The possible move for many programmes is sequencing rather than either/or: an early module that teaches manual coding fundamentals in Quirkos, Delve, or Taguette, followed by a module that uses Skimle to reach theory-building at a scale a semester can actually support. Because Skimle supports REFI-QDA export, students who later need to continue in NVivo or MAXQDA, for a thesis, a dissertation committee, or a job that requires it, can move their coded project across rather than starting over. The two approaches are not in competition; they teach different things, and a well-designed course can use both deliberately.
How to decide for your course
| If your course's primary learning objective is... | Pick |
|---|---|
| Manual coding discipline, codebook construction, intercoder reliability | Quirkos, Delve, or Taguette depending on budget |
| Mechanical fluency in the most institutionally recognised tool, regardless of cost | NVivo or MAXQDA |
| Mixed qualitative and quantitative methods in one project | MAXQDA |
| Theory-building, pattern discovery, and judgement at a realistic sample size | Skimle |
| Critically evaluating AI-assisted analysis as a methodological skill | Skimle |
| A foundations module followed by an applied research project | Start with a manual tool, move to Skimle for the project |
Frequently asked questions
Will students still learn to code if the class uses Skimle?
They will see coding decisions made, made visible, and they will edit and challenge them, which is a different but related skill to producing the first code from scratch. For a course where producing the first code by hand is itself the objective, pair Skimle with a short manual-coding module rather than replacing it entirely.
Is this appropriate for a PhD-level methods course?
It depends on what the course is for. If it trains students in a specific manual tradition their discipline expects (grounded theory's constant comparison, for instance, taught with the classic process in full), a manual tool may better serve the requirement. If the course is preparing students to run their own large-scale qualitative projects, where realistic sample sizes and AI literacy both matter, Skimle is the stronger fit. Our guide for PhD students covers the budget and licensing trade-offs in more detail.
Does using an AI coding tool undermine training in reflexivity?
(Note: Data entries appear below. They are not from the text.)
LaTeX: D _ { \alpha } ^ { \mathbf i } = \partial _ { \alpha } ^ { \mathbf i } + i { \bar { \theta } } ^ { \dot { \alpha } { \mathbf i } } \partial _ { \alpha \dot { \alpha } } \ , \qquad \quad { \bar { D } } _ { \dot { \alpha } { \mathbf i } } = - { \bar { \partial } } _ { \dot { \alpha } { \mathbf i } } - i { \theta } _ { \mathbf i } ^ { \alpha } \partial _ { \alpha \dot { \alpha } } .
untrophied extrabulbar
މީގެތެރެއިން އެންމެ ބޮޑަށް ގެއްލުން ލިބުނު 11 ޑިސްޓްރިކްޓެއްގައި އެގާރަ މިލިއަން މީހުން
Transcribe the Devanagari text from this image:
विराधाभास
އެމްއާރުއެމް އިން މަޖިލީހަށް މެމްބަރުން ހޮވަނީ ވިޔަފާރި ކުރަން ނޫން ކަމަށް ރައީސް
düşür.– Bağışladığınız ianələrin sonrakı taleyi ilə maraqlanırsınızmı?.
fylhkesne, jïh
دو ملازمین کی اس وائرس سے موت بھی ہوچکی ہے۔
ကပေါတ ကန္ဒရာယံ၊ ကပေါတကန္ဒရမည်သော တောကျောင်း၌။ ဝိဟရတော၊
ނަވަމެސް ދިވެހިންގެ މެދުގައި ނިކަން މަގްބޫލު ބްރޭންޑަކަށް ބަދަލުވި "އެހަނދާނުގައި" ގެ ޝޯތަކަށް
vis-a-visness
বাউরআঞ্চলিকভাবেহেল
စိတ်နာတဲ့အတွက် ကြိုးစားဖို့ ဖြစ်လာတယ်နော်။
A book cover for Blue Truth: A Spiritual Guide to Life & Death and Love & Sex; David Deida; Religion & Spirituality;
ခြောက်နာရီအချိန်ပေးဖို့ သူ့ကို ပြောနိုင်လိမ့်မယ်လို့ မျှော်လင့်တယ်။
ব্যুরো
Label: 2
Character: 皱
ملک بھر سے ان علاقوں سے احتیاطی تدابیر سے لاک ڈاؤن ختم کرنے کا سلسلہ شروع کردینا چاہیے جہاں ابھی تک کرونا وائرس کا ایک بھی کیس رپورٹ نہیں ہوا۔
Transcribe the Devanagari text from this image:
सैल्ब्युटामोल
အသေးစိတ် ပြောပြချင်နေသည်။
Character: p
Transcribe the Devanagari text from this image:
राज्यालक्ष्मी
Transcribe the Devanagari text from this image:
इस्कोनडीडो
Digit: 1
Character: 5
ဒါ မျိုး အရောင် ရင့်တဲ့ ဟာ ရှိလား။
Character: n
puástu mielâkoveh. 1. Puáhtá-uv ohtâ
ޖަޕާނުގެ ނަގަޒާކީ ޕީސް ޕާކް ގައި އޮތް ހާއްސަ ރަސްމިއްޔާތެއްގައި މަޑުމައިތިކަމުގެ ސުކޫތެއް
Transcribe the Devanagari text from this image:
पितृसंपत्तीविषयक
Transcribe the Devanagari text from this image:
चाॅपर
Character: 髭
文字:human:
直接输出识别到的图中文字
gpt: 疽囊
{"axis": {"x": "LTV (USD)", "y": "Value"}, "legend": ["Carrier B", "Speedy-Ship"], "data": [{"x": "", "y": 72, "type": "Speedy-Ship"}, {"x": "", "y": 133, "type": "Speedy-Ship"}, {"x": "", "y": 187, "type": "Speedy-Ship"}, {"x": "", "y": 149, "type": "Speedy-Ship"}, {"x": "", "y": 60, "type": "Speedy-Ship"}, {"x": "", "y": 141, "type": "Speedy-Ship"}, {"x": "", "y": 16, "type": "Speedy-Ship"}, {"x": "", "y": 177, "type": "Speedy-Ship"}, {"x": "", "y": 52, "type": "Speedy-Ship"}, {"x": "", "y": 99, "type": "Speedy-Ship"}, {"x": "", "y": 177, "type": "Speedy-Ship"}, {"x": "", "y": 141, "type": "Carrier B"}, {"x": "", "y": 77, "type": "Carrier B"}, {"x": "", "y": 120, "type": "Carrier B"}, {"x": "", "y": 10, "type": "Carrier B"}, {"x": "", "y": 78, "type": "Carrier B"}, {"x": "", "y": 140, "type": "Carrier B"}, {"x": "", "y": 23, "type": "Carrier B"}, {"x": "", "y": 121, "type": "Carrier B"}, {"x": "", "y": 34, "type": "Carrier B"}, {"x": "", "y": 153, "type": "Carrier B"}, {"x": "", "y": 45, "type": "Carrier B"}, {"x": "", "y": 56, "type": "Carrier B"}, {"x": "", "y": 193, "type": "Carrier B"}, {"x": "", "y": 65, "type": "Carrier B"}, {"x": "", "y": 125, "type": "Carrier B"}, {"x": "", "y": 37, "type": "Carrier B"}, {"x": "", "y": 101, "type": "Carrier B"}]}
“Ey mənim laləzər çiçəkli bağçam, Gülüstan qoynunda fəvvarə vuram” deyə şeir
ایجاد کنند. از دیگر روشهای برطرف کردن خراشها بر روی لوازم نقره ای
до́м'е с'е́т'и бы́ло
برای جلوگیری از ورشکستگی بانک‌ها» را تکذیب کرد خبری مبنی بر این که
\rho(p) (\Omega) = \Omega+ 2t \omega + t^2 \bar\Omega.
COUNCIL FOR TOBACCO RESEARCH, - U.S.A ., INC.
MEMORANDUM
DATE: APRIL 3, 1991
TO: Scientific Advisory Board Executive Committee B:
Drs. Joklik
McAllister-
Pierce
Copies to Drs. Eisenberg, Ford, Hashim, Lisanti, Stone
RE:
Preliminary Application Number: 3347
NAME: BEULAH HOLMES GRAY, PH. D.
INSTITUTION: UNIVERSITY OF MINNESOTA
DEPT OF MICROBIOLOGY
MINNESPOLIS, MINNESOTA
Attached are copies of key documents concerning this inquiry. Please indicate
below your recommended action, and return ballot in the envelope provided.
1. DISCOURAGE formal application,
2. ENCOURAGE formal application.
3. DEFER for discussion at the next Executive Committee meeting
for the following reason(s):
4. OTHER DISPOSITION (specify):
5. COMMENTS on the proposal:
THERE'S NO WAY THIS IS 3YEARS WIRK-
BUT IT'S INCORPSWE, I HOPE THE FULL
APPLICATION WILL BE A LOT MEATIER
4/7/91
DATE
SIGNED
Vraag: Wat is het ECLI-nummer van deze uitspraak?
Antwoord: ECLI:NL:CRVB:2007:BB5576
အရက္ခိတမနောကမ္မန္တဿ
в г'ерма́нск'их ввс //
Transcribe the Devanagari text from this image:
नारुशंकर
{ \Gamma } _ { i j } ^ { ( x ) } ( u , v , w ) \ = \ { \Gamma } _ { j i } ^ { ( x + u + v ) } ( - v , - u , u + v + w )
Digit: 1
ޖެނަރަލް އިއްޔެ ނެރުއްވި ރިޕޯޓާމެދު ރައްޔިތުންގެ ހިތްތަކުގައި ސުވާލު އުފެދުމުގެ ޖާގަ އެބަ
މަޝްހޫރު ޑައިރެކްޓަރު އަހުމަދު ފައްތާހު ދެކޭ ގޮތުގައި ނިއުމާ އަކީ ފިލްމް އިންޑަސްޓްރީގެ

Not if the AI's coding is visible and editable rather than a black box. A coding decision a student can see, question, and overturn is a better object for a reflexivity discussion than one they cannot inspect at all. The concern would be valid for any tool that hides its reasoning; it is specifically why two-way transparency, tracing every theme back to its source text and back again, matters more in a teaching context than almost anywhere else.
What does Skimle cost for a class project?
Skimle's free tier covers up to 400 pages of analysis, which might be enough for some single-semester class projects. We are flexible to discuss licences for courses depending on your needs.
Can a course use more than one tool across a semester?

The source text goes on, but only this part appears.